Generating new runbook:

Read git diff HEAD~3 to find changed files in cmd/skillshare/ or internal/
Read changed files to understand new/modified functionality
Validate all CLI flags before writing — for every ss <command> <flag> in the runbook:
- Grep cmd/skillshare/<command>.go for the exact flag string (e.g. "--force")
- Run ss <command> --help inside container if needed
- Common mistakes to avoid:
  - uninstall --yes → wrong, use --force / -f
  - init --target <name> → wrong, init has no --target flag
  - init -p has a completely separate flag set from global init — only supports --targets, --discover, --select, --mode, --dry-run. Global-only flags like --no-copy, --no-skill, --no-git, --all-targets, --force do NOT exist in project mode
  - Audit custom rules: disable by rule ID (e.g. prompt-injection-0, prompt-injection-1), NOT pattern name (e.g. prompt-injection).
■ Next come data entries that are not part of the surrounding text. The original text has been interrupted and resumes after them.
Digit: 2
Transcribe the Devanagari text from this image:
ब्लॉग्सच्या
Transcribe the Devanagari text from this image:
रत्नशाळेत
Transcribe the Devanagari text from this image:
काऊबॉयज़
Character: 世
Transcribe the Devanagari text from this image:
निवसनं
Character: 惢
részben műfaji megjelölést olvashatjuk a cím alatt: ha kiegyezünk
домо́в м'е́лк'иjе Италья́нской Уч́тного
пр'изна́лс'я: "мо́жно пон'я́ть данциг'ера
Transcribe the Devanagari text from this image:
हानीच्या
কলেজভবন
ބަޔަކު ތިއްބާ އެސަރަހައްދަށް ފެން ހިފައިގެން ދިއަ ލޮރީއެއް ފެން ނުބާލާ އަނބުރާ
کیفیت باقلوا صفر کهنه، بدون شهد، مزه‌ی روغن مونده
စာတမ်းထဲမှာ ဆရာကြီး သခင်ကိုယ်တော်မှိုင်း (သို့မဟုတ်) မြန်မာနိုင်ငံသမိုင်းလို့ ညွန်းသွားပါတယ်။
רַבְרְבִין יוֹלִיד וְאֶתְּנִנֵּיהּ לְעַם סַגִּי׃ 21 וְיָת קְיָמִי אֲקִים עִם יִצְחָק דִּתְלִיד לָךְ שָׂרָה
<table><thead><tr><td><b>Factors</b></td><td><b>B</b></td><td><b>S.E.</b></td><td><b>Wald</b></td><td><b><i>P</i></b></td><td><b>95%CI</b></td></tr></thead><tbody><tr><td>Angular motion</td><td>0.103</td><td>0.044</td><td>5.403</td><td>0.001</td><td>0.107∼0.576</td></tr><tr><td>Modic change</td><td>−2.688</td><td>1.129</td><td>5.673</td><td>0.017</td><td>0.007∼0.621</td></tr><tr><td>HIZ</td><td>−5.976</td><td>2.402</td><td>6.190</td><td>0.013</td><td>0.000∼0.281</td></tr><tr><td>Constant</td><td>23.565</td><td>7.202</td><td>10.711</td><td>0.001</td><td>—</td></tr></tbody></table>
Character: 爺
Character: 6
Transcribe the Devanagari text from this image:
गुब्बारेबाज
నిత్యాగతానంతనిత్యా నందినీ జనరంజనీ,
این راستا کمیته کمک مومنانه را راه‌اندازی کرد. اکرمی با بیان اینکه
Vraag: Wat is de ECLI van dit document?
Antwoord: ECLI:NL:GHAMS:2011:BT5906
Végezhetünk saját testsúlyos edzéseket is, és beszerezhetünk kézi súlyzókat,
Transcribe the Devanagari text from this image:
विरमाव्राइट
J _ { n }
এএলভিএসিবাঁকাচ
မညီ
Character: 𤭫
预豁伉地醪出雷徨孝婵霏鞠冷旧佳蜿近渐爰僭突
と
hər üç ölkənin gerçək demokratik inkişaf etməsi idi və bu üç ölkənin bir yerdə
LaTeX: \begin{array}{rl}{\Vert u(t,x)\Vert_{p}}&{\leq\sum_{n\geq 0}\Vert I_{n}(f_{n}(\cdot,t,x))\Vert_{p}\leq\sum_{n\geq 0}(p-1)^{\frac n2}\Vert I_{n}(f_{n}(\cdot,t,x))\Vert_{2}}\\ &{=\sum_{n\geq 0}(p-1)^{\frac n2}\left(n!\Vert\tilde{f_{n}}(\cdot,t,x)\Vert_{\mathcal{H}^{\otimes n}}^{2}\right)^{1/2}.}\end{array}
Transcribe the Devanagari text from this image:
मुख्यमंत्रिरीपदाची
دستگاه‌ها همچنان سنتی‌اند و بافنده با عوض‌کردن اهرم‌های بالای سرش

Rule IDs are in internal/audit/rules.yaml
Generate new runbook to ai_docs/tests/<slug>_runbook.md, following existing conventions:
- YAML-free, pure Markdown
- Has Scope, Environment, Steps (each with bash + Expected), Pass Criteria
- Use jq: assertions in Expected blocks for JSON commands — e.g. - jq: .extras | length == 1. This is a native mdproof assertion type, NOT a bash jq pipe
- Use --json + jq -e in bash for inline verification within multi-command steps
- Config idempotency — never bare cat >> config.yaml; always prepend sed -i '/^section:/,$d' to remove existing section first, or use CLI commands (ss extras init, ss extras remove --force) that handle duplicates
- Check ai_docs/tests/runbook.json for project-level config (build, setup, teardown, step_setup, timeout) that affects all runbooks
- Check .mdproof/lessons-learned.md for known assertion patterns and gotchas
Run the runbook quality checklist (see below) before executing
Then execute the new runbook (same flow as above)

Phase 4: Cleanup & Report

Ask user before cleanup (via AskUserQuestion):
- Option A: Delete ssenv environment now
- Option B: Keep for manual debugging (print env name for later ssenv delete)

If user chose Option A:

docker exec $CONTAINER ssenv delete "$ENV_NAME" --force

Output summary (derived from the runbook JSON output):

── E2E Test Report ──

Runbook:  {runbook name}
Env:      {ENV_NAME}
Duration: {duration_ms}ms

Step 1: {title}  PASS
Step 2: {title}  PASS
Step 3: {title}  FAIL ← exit_code={N}, stderr: {error detail}
...

Result: {passed}/{total} passed ({skipped} skipped)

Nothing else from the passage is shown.